During these years, but especially in this last period, I have often wondered how I could, wanted or should have made my work grow or evolve.
I started a few years ago out of creative necessity, let's also put it financially, and I never expected to reach the goals achieved, but I struggled so much, I suffered, I made and sometimes imposed sacrifices, perhaps unnecessary, but certainly useful, after which I was involved and overwhelmed by what is called the "fashion system".
I was thrilled and honored to finally be part of something big and important, something in which I finally felt free to get noticed and emerge, even if in an infinitesimal way.
The blow I received later, that feeling of abandonment and being swallowed up in a too crowded world, was certainly very painful, but necessary to define who I am, what I want and what I really need.
They have been very difficult and complicated years, but thanks to them surely now I am more aware of the fact that maybe that world is not what I was looking for.
As my conscience as an artist matured, I accepted the fact that it is a fashion system focused more on a business model and less and less expressive (I don't mean to belittle anything or flatten the various levels of which this system is composed), but very often I had the sense of feeling inadequate, not because I did not feel up to what I was creating, but because the world around me was running at such a speed that it did not allow me to stop and understand what I was actually doing or where I was going.
So at a certain point I exploded, and I let myself go, fall, it was ugly and painful, but at the same time useful.
I realized that I want to do what I do to be happy, certainly not to be rich or famous, I preferred to cultivate my talent and not my success.
In doing so, I began to feed that flame that had never gone out, but had certainly faded, precisely because of a discomfort of not belonging.
I accepted the fact of not being made for fast paces, absurd requests (I'll talk about this soon) or devaluations of my work to be inserted in the global market, I was given an opportunity, the opportunity to believe in my art and in my individuality.

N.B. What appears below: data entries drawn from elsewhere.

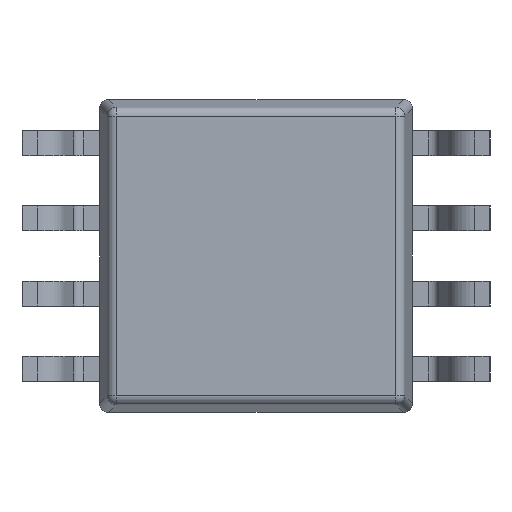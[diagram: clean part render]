
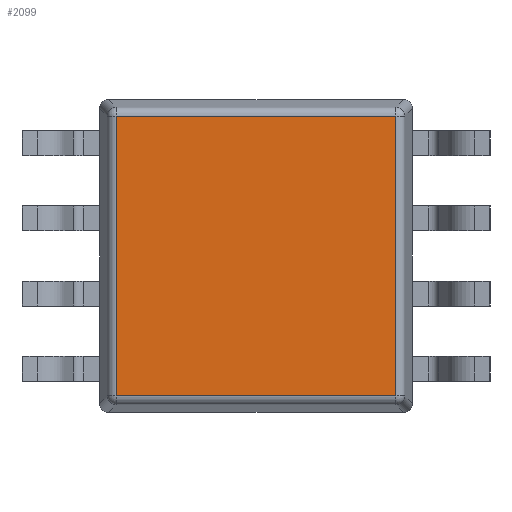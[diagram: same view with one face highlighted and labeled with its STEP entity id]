
A CAD part, front view. The second image highlights one B-rep face of the part: STEP entity #2099.
In plain terms, the highlighted planar face has unit normal (0, -1, 0).
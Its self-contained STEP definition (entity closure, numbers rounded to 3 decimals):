
#85 = VERTEX_POINT ( 'NONE', #4651 ) ;
#90 = DIRECTION ( 'NONE',  ( 1., 0., 0. ) ) ;
#256 = EDGE_CURVE ( 'NONE', #2101, #3855, #4844, .T. ) ;
#382 = VERTEX_POINT ( 'NONE', #3778 ) ;
#475 = ORIENTED_EDGE ( 'NONE', *, *, #256, .T. ) ;
#545 = CARTESIAN_POINT ( 'NONE',  ( 2.489, 0.25, -2.361 ) ) ;
#657 = EDGE_CURVE ( 'NONE', #85, #2101, #1322, .T. ) ;
#748 = VECTOR ( 'NONE', #1007, 1000. ) ;
#1007 = DIRECTION ( 'NONE',  ( -1., 0., 0. ) ) ;
#1033 = CARTESIAN_POINT ( 'NONE',  ( -2.361, 0.25, -2.489 ) ) ;
#1123 = DIRECTION ( 'NONE',  ( 0., -1., 0. ) ) ;
#1322 = LINE ( 'NONE', #2469, #3011 ) ;
#1449 = EDGE_CURVE ( 'NONE', #3855, #382, #1898, .T. ) ;
#1450 = CARTESIAN_POINT ( 'NONE',  ( -2.489, 0.25, 2.361 ) ) ;
#1489 = CARTESIAN_POINT ( 'NONE',  ( 2.361, 0.25, 2.361 ) ) ;
#1532 = CARTESIAN_POINT ( 'NONE',  ( -2.361, 0.25, 2.361 ) ) ;
#1659 = LINE ( 'NONE', #545, #4403 ) ;
#1824 = DIRECTION ( 'NONE',  ( 0., 0., -1. ) ) ;
#1898 = LINE ( 'NONE', #1033, #2741 ) ;
#1999 = AXIS2_PLACEMENT_3D ( 'NONE', #2549, #1123, #1824 ) ;
#2036 = ORIENTED_EDGE ( 'NONE', *, *, #4221, .T. ) ;
#2099 = ADVANCED_FACE ( 'NONE', ( #3321 ), #4092, .T. ) ;
#2101 = VERTEX_POINT ( 'NONE', #1489 ) ;
#2297 = ORIENTED_EDGE ( 'NONE', *, *, #657, .T. ) ;
#2393 = EDGE_LOOP ( 'NONE', ( #475, #2925, #2036, #2297 ) ) ;
#2469 = CARTESIAN_POINT ( 'NONE',  ( 2.361, 0.25, 2.489 ) ) ;
#2549 = CARTESIAN_POINT ( 'NONE',  ( 0., 0.25, 0. ) ) ;
#2741 = VECTOR ( 'NONE', #4825, 1000. ) ;
#2925 = ORIENTED_EDGE ( 'NONE', *, *, #1449, .T. ) ;
#3011 = VECTOR ( 'NONE', #3687, 1000. ) ;
#3321 = FACE_OUTER_BOUND ( 'NONE', #2393, .T. ) ;
#3687 = DIRECTION ( 'NONE',  ( 0., 0., 1. ) ) ;
#3778 = CARTESIAN_POINT ( 'NONE',  ( -2.361, 0.25, -2.361 ) ) ;
#3855 = VERTEX_POINT ( 'NONE', #1532 ) ;
#4092 = PLANE ( 'NONE',  #1999 ) ;
#4221 = EDGE_CURVE ( 'NONE', #382, #85, #1659, .T. ) ;
#4403 = VECTOR ( 'NONE', #90, 1000. ) ;
#4651 = CARTESIAN_POINT ( 'NONE',  ( 2.361, 0.25, -2.361 ) ) ;
#4825 = DIRECTION ( 'NONE',  ( 0., 0., -1. ) ) ;
#4844 = LINE ( 'NONE', #1450, #748 ) ;

I will continue to create more than before, but now with the knowledge that I am lucky enough to love my job and work with my dreams.
Durante questi anni, ma soprattutto in questo ultimo periodo mi sono spesso chiesto come avrei potuto, voluto o dovuto fare crescere o evolvere il mio lavoro.

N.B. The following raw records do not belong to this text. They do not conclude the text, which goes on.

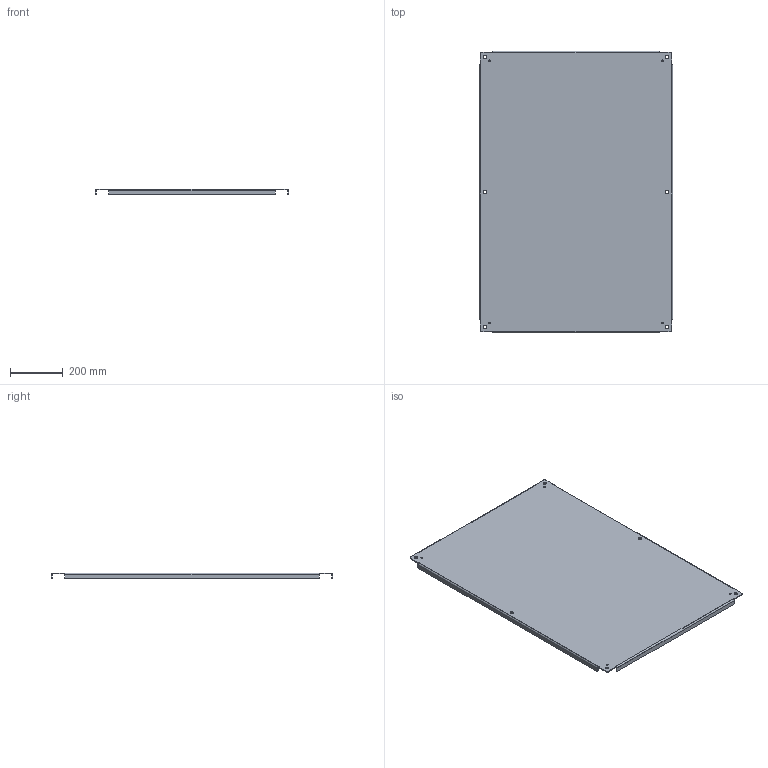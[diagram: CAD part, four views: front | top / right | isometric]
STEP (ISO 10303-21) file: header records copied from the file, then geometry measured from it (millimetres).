
FILE_DESCRIPTION (( 'STEP AP203' ), '1' );
FILE_NAME ('SCE-1436P3.step', '2021-01-08T15:30:55', ( 'ADC123' ), ( 'Microsoft' ), 'SwSTEP 2.0', 'SolidWorks 2019', '' );
FILE_SCHEMA (( 'CONFIG_CONTROL_DESIGN' ));
Length unit declared in the file: inch
Products named in the file (1): SCE-1436P3
Bounding box: 735.01 x 1071.56 x 22.23 mm (x, y, z)
Volume: 2668036.6 mm3; surface area: 1693507.4 mm2
Topology: 1 solids, 1 shells, 84 faces, 230 edges, 148 vertices
Faces by surface type: plane 30, cylinder 30, bspline 24
Full cylindrical faces by diameter (mm): 7.137 x4, 12.7 x6
Entity records: 3331 total; most frequent: CARTESIAN_POINT 1205, ORIENTED_EDGE 440, DIRECTION 370, EDGE_CURVE 220, VERTEX_POINT 148, VECTOR 128, LINE 128, AXIS2_PLACEMENT_3D 121

Ho iniziato ormai qualche anno fa per necessità creativa, mettiamo anche economica, ma mai mi sarei aspettato di di raggiungere i traguardi conquistati, ho però faticato tanto, ho sofferto, ho fatto e a volte imposto dei sacrifici, magari non necessari, ma sicuramente utili, dopodiché sono stato coinvolto e travolto da quello chiamato “sistema moda”.
Ero entusiasta e onorato di essere finalmente parte in qualcosa di grande ed importante, qualcosa in cui finalmente mi sentivo libero di farmi notare e di emergere, anche se in modo infinitesimale.
La botta che ricevetti in seguito, quella dell’abbandono e di essere fagocitato in un mondo troppo affollato, fu sicuramente molto dolorosa, ma necessaria per definire chi sono, quello che voglio e quello di cui ho davvero bisogno.
Sono stati anni molto difficili e complicati, ma grazie ad essi sicuramente ora sono più cosciente del fatto che quel mondo forse non è quello che stavo cercando.
Maturando la mia coscienza di artista, ho accettato il fatto che è un sistema moda incentrato più su un modello di business e sempre meno espressivo (non intendo sminuire alcunché o appiattire i vari livelli di cui questo sistema è composto), ma molto spesso avevo il sentore di sentirmi inadeguato, non perché non mi sentivo all’altezza di quello che stavo creando, ma perché il mondo intorno a me correva a una velocità tale che non mi permetteva di fermarmi e capire quello che effettivamente stavo facendo o dove stavo andando.
Cosi ad un certo punto sono esploso, e mi sono lasciato andare, cadere, è stato brutto e doloroso, ma allo stesso tempo utile.
Ho capito che voglio fare quello che faccio per essere felice, non di certo per essere ricco o famoso, ho preferito coltivare il mio talento e non il mio successo.
Così facendo ho ricominciato ad alimentare quella fiamma che non si era mai spenta, ma sicuramente si era affievolita, proprio a causa di un disagio di non appartenenza.
Ho accettato il fatto di non essere fatto per ritmi serrati, richieste assurde (di questo parlerò presto) o svalutazioni del mio lavoro per essere inserito nel mercato globale, mi è stata data una opportunità, l’opportunità di credere nella mia arte e nella mia individualità.
Continuerò a creare più di prima, ma ora con la consapevolezza che ho la fortuna di amare il mio lavoro e di lavorare con i miei sogni.